Por prudencia espere una semana desde que la conocí para llamarla e invitarla a salir. Cumpliendo su promesa aceptó. Fuimos a comer a un restaurante que me agrada mucho por que se respira intimidad y sirven un rib-eye sublime. De nuevo me sorprendió cuando me dijo que Rubens era un exquisito delirio de color y movimiento, que Pollock y Warhol eran unos farsantes, etcétera. Frente a mí tenia a una mujer hermosa y con criterio, un raro espécimen. Ya era noche cuando llegamos a su casa y me invitó a pasar. Sabiendo lo que esto significaba, nada más cruzando la puerta la tomé entre mis brazos y la besé. Hicimos el amor. Estando todo a oscuras nunca pude ver sus pies ni encontré la ocasión precisa para tocárselos. Nos seguimos viendo con frecuencia y muchas veces terminamos en su casa haciendo el amor. Cada que esto ocurría yo intentaba tocar sus pies pero lo conseguía, era como si ella me lo impidiera, como si escondiera algo.
Paso el invierno, la primavera iba a medias y yo no obtenía aun el éxtasis de contemplar sus pies desnudos. Siempre llevaba zapatos que no me dejaban ver más allá de sus tobillos los cuales eran muy bellos y prometían bastante. Un día decidí acabar con la desesperación que me causaba el no mirar el Olimpo de mi fascinación, resuelto a que me enseñara sus pies le dije mientras cenábamos en el íntimo restaurante:
-¿Sabes qué es lo que más me gusta de una mujer? Sus pies.

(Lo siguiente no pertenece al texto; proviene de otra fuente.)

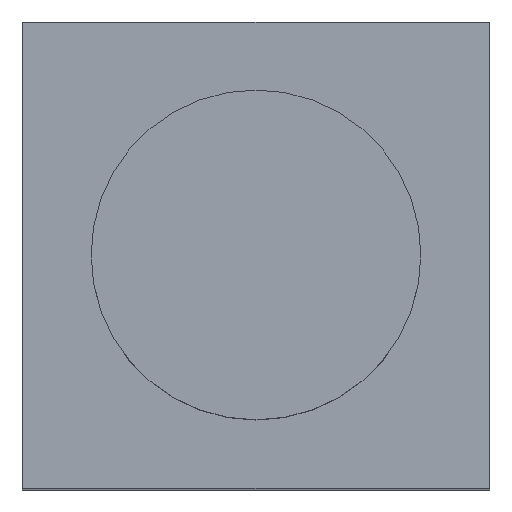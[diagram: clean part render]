
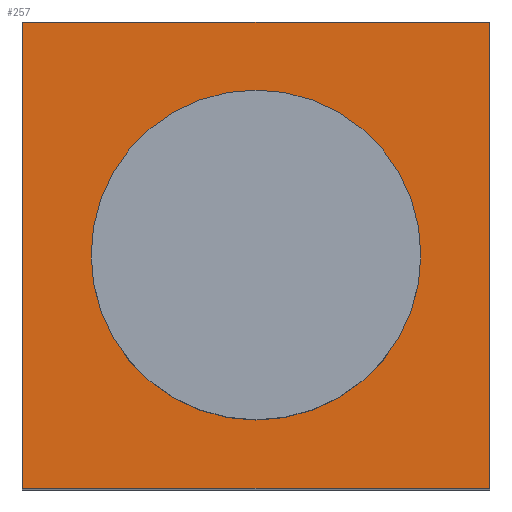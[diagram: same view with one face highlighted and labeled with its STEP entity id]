
A CAD part, top view. The second image highlights one B-rep face of the part: STEP entity #257.
In plain terms, the highlighted planar face has unit normal (0, 0, 1).
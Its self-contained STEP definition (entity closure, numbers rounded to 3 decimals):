
#32 = B_SPLINE_SURFACE_WITH_KNOTS('',1,1,(
    (#33,#34)
    ,(#35,#36
    )),.UNSPECIFIED.,.F.,.F.,.F.,(2,2),(2,2),(0.,0.111),(0.,1.)
  ,.PIECEWISE_BEZIER_KNOTS.);
#33 = CARTESIAN_POINT('',(0.056,0.056,0.));
#34 = CARTESIAN_POINT('',(0.055,0.055,0.15));
#35 = CARTESIAN_POINT('',(-0.056,0.056,0.));
#36 = CARTESIAN_POINT('',(-0.055,0.055,0.15));
#57 = VERTEX_POINT('',#58);
#58 = CARTESIAN_POINT('',(-0.055,0.055,0.15));
#71 = B_SPLINE_SURFACE_WITH_KNOTS('',1,1,(
    (#72,#73)
    ,(#74,#75
    )),.UNSPECIFIED.,.F.,.F.,.F.,(2,2),(2,2),(0.,0.111),(0.,1.)
  ,.PIECEWISE_BEZIER_KNOTS.);
#72 = CARTESIAN_POINT('',(-0.056,0.056,0.));
#73 = CARTESIAN_POINT('',(-0.055,0.055,0.15));
#74 = CARTESIAN_POINT('',(-0.056,-0.056,0.));
#75 = CARTESIAN_POINT('',(-0.055,-0.055,0.15)
  );
#83 = EDGE_CURVE('',#84,#57,#86,.T.);
#84 = VERTEX_POINT('',#85);
#85 = CARTESIAN_POINT('',(0.055,0.055,0.15));
#86 = SURFACE_CURVE('',#87,(#91,#97),.PCURVE_S1.);
#87 = LINE('',#88,#89);
#88 = CARTESIAN_POINT('',(0.055,0.055,0.15));
#89 = VECTOR('',#90,1.);
#90 = DIRECTION('',(-1.,0.,0.));
#91 = PCURVE('',#32,#92);
#92 = DEFINITIONAL_REPRESENTATION('',(#93),#96);
#93 = B_SPLINE_CURVE_WITH_KNOTS('',1,(#94,#95),.UNSPECIFIED.,.F.,.F.,(2,
    2),(0.,0.111),.PIECEWISE_BEZIER_KNOTS.);
#94 = CARTESIAN_POINT('',(0.,1.));
#95 = CARTESIAN_POINT('',(0.111,1.));
#96 = ( GEOMETRIC_REPRESENTATION_CONTEXT(2) 
PARAMETRIC_REPRESENTATION_CONTEXT() REPRESENTATION_CONTEXT('2D SPACE',''
  ) );
#97 = PCURVE('',#98,#103);
#98 = PLANE('',#99);
#99 = AXIS2_PLACEMENT_3D('',#100,#101,#102);
#100 = CARTESIAN_POINT('',(0.055,0.055,0.15));
#101 = DIRECTION('',(-0.,0.,-1.));
#102 = DIRECTION('',(-0.707,-0.707,0.));
#103 = DEFINITIONAL_REPRESENTATION('',(#104),#108);
#104 = LINE('',#105,#106);
#105 = CARTESIAN_POINT('',(0.,0.));
#106 = VECTOR('',#107,1.);
#107 = DIRECTION('',(0.707,0.707));
#108 = ( GEOMETRIC_REPRESENTATION_CONTEXT(2) 
PARAMETRIC_REPRESENTATION_CONTEXT() REPRESENTATION_CONTEXT('2D SPACE',''
  ) );
#123 = B_SPLINE_SURFACE_WITH_KNOTS('',1,1,(
    (#124,#125)
    ,(#126,#127
    )),.UNSPECIFIED.,.F.,.F.,.F.,(2,2),(2,2),(0.,0.111),(0.,1.)
  ,.PIECEWISE_BEZIER_KNOTS.);
#124 = CARTESIAN_POINT('',(0.056,-0.056,0.));
#125 = CARTESIAN_POINT('',(0.055,-0.055,0.15)
  );
#126 = CARTESIAN_POINT('',(0.056,0.056,0.));
#127 = CARTESIAN_POINT('',(0.055,0.055,0.15));
#178 = B_SPLINE_SURFACE_WITH_KNOTS('',1,1,(
    (#179,#180)
    ,(#181,#182
    )),.UNSPECIFIED.,.F.,.F.,.F.,(2,2),(2,2),(0.,0.111),(0.,1.)
  ,.PIECEWISE_BEZIER_KNOTS.);
#179 = CARTESIAN_POINT('',(-0.056,-0.056,0.));
#180 = CARTESIAN_POINT('',(-0.055,-0.055,0.15)
  );
#181 = CARTESIAN_POINT('',(0.056,-0.056,0.));
#182 = CARTESIAN_POINT('',(0.055,-0.055,0.15)
  );
#216 = VERTEX_POINT('',#217);
#217 = CARTESIAN_POINT('',(-0.055,-0.055,0.15)
  );
#237 = EDGE_CURVE('',#57,#216,#238,.T.);
#238 = SURFACE_CURVE('',#239,(#243,#249),.PCURVE_S1.);
#239 = LINE('',#240,#241);
#240 = CARTESIAN_POINT('',(-0.055,0.055,0.15)
  );
#241 = VECTOR('',#242,1.);
#242 = DIRECTION('',(0.,-1.,0.));
#243 = PCURVE('',#71,#244);
#244 = DEFINITIONAL_REPRESENTATION('',(#245),#248);
#245 = B_SPLINE_CURVE_WITH_KNOTS('',1,(#246,#247),.UNSPECIFIED.,.F.,.F.,
  (2,2),(0.,0.111),.PIECEWISE_BEZIER_KNOTS.);
#246 = CARTESIAN_POINT('',(0.,1.));
#247 = CARTESIAN_POINT('',(0.111,1.));
#248 = ( GEOMETRIC_REPRESENTATION_CONTEXT(2) 
PARAMETRIC_REPRESENTATION_CONTEXT() REPRESENTATION_CONTEXT('2D SPACE',''
  ) );
#249 = PCURVE('',#98,#250);
#250 = DEFINITIONAL_REPRESENTATION('',(#251),#255);
#251 = LINE('',#252,#253);
#252 = CARTESIAN_POINT('',(0.078,0.078));
#253 = VECTOR('',#254,1.);
#254 = DIRECTION('',(0.707,-0.707));
#255 = ( GEOMETRIC_REPRESENTATION_CONTEXT(2) 
PARAMETRIC_REPRESENTATION_CONTEXT() REPRESENTATION_CONTEXT('2D SPACE',''
  ) );
#257 = ADVANCED_FACE('',(#258,#304),#98,.F.);
#258 = FACE_BOUND('',#259,.F.);
#259 = EDGE_LOOP('',(#260,#261,#283,#303));
#260 = ORIENTED_EDGE('',*,*,#83,.F.);
#261 = ORIENTED_EDGE('',*,*,#262,.F.);
#262 = EDGE_CURVE('',#263,#84,#265,.T.);
#263 = VERTEX_POINT('',#264);
#264 = CARTESIAN_POINT('',(0.055,-0.055,0.15)
  );
#265 = SURFACE_CURVE('',#266,(#270,#277),.PCURVE_S1.);
#266 = LINE('',#267,#268);
#267 = CARTESIAN_POINT('',(0.055,-0.055,0.15)
  );
#268 = VECTOR('',#269,1.);
#269 = DIRECTION('',(0.,1.,0.));
#270 = PCURVE('',#98,#271);
#271 = DEFINITIONAL_REPRESENTATION('',(#272),#276);
#272 = LINE('',#273,#274);
#273 = CARTESIAN_POINT('',(0.078,-0.078));
#274 = VECTOR('',#275,1.);
#275 = DIRECTION('',(-0.707,0.707));
#276 = ( GEOMETRIC_REPRESENTATION_CONTEXT(2) 
PARAMETRIC_REPRESENTATION_CONTEXT() REPRESENTATION_CONTEXT('2D SPACE',''
  ) );
#277 = PCURVE('',#123,#278);
#278 = DEFINITIONAL_REPRESENTATION('',(#279),#282);
#279 = B_SPLINE_CURVE_WITH_KNOTS('',1,(#280,#281),.UNSPECIFIED.,.F.,.F.,
  (2,2),(0.,0.111),.PIECEWISE_BEZIER_KNOTS.);
#280 = CARTESIAN_POINT('',(0.,1.));
#281 = CARTESIAN_POINT('',(0.111,1.));
#282 = ( GEOMETRIC_REPRESENTATION_CONTEXT(2) 
PARAMETRIC_REPRESENTATION_CONTEXT() REPRESENTATION_CONTEXT('2D SPACE',''
  ) );
#283 = ORIENTED_EDGE('',*,*,#284,.F.);
#284 = EDGE_CURVE('',#216,#263,#285,.T.);
#285 = SURFACE_CURVE('',#286,(#290,#297),.PCURVE_S1.);
#286 = LINE('',#287,#288);
#287 = CARTESIAN_POINT('',(-0.055,-0.055,0.15)
  );
#288 = VECTOR('',#289,1.);
#289 = DIRECTION('',(1.,0.,0.));
#290 = PCURVE('',#98,#291);
#291 = DEFINITIONAL_REPRESENTATION('',(#292),#296);
#292 = LINE('',#293,#294);
#293 = CARTESIAN_POINT('',(0.157,0.));
#294 = VECTOR('',#295,1.);
#295 = DIRECTION('',(-0.707,-0.707));
#296 = ( GEOMETRIC_REPRESENTATION_CONTEXT(2) 
PARAMETRIC_REPRESENTATION_CONTEXT() REPRESENTATION_CONTEXT('2D SPACE',''
  ) );
#297 = PCURVE('',#178,#298);
#298 = DEFINITIONAL_REPRESENTATION('',(#299),#302);
#299 = B_SPLINE_CURVE_WITH_KNOTS('',1,(#300,#301),.UNSPECIFIED.,.F.,.F.,
  (2,2),(0.,0.111),.PIECEWISE_BEZIER_KNOTS.);
#300 = CARTESIAN_POINT('',(0.,1.));
#301 = CARTESIAN_POINT('',(0.111,1.));
#302 = ( GEOMETRIC_REPRESENTATION_CONTEXT(2) 
PARAMETRIC_REPRESENTATION_CONTEXT() REPRESENTATION_CONTEXT('2D SPACE',''
  ) );
#303 = ORIENTED_EDGE('',*,*,#237,.F.);
#304 = FACE_BOUND('',#305,.F.);
#305 = EDGE_LOOP('',(#306));
#306 = ORIENTED_EDGE('',*,*,#307,.T.);
#307 = EDGE_CURVE('',#308,#308,#310,.T.);
#308 = VERTEX_POINT('',#309);
#309 = CARTESIAN_POINT('',(0.039,0.,0.15));
#310 = SURFACE_CURVE('',#311,(#316,#327),.PCURVE_S1.);
#311 = CIRCLE('',#312,0.039);
#312 = AXIS2_PLACEMENT_3D('',#313,#314,#315);
#313 = CARTESIAN_POINT('',(0.,0.,0.15));
#314 = DIRECTION('',(0.,0.,1.));
#315 = DIRECTION('',(1.,0.,0.));
#316 = PCURVE('',#98,#317);
#317 = DEFINITIONAL_REPRESENTATION('',(#318),#326);
#318 = ( BOUNDED_CURVE() B_SPLINE_CURVE(2,(#319,#320,#321,#322,#323,#324
,#325),.UNSPECIFIED.,.T.,.F.) B_SPLINE_CURVE_WITH_KNOTS((1,2,2,2,2,1),(
    -2.094,0.,2.094,4.189,6.283,
8.378),.UNSPECIFIED.) CURVE() GEOMETRIC_REPRESENTATION_ITEM() 
RATIONAL_B_SPLINE_CURVE((1.,0.5,1.,0.5,1.,0.5,1.)) REPRESENTATION_ITEM(
  '') );
#319 = CARTESIAN_POINT('',(0.051,-0.028));
#320 = CARTESIAN_POINT('',(0.003,0.02));
#321 = CARTESIAN_POINT('',(0.068,0.038));
#322 = CARTESIAN_POINT('',(0.134,0.055));
#323 = CARTESIAN_POINT('',(0.116,-0.01));
#324 = CARTESIAN_POINT('',(0.099,-0.076));
#325 = CARTESIAN_POINT('',(0.051,-0.028));
#326 = ( GEOMETRIC_REPRESENTATION_CONTEXT(2) 
PARAMETRIC_REPRESENTATION_CONTEXT() REPRESENTATION_CONTEXT('2D SPACE',''
  ) );
#327 = PCURVE('',#328,#333);
#328 = CYLINDRICAL_SURFACE('',#329,0.039);
#329 = AXIS2_PLACEMENT_3D('',#330,#331,#332);
#330 = CARTESIAN_POINT('',(0.,0.,0.15));
#331 = DIRECTION('',(-0.,-0.,-1.));
#332 = DIRECTION('',(1.,0.,0.));
#333 = DEFINITIONAL_REPRESENTATION('',(#334),#338);
#334 = LINE('',#335,#336);
#335 = CARTESIAN_POINT('',(-0.,0.));
#336 = VECTOR('',#337,1.);
#337 = DIRECTION('',(-1.,0.));
#338 = ( GEOMETRIC_REPRESENTATION_CONTEXT(2) 
PARAMETRIC_REPRESENTATION_CONTEXT() REPRESENTATION_CONTEXT('2D SPACE',''
  ) );

Ella solo asintió con la cabeza y comenzó a sonrojarse. Ahora era evidente que algo ocultaba, tenía que descubrir que era así que proseguí:
-Creo que los pies revelan su alma. Es como escribió Benedetti, -entonces le recite los versos del bello poema.- Tú has de tener unos pies hermosos. ¡Quisiera verlos y así ver tu alma y enamorarme más de ti!

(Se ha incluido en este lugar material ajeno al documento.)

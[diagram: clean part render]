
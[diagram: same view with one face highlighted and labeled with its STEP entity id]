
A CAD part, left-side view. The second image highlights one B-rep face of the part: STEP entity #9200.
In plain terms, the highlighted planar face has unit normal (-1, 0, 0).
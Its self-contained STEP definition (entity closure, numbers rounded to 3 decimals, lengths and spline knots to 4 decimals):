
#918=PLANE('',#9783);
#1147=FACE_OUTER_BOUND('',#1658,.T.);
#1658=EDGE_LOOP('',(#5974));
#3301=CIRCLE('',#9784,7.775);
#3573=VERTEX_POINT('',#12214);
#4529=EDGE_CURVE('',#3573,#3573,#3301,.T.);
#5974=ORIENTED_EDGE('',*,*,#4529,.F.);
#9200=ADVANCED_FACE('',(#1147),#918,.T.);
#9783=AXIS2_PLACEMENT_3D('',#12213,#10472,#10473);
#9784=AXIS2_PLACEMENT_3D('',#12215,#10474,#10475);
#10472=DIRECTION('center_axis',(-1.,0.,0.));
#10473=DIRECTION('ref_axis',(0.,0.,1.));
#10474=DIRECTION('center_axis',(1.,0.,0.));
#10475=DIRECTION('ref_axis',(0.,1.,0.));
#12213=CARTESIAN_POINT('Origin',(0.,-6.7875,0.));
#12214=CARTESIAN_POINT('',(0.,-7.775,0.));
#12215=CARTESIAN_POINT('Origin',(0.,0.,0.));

Entonces se asomaron unas lágrimas en sus ojos y me contó su secreto.
-Pues si crees que los pies revelan el alma, creerás que mi alma está mutilada. De niña viví en N… donde nieva mucho en invierno. Un día, una tormenta de nieve nos sorprendió a mi madre y a mí camino a casa. Sin lugar donde refugiarnos, tuvimos que caminar hasta la casa con la nieve hasta los tobillos. A pesar de las botas, yo sentía un intenso frío en mis pies y una especie de pequeños piquetes en los dedos. Me dolían. Una vez en casa mi madre me quito las botas y los calcetines húmedos y espantada vio que mis dedos estaban morados. El frío me los había gangrenado. Llegué tarde al hospital. Perdí un dedo del pie derecho y dos del izquierdo. El doctor dijo que pudieron haber sido más. Por eso no he dejado que me los toques ni que siquiera los veas, y menos ahora que sé que para ti los pies revelan el secreto del alma. ¿Mi alma te parecerá mutilada entonces? ¿Crees que soy fea o espiritualmente incompleta?
No supe que responder.
Aquella fue la última noche que la vi. Jamás volví a llamarla ni a acostarme con ninguna mujer en invierno o sin haber visto sus pies primero.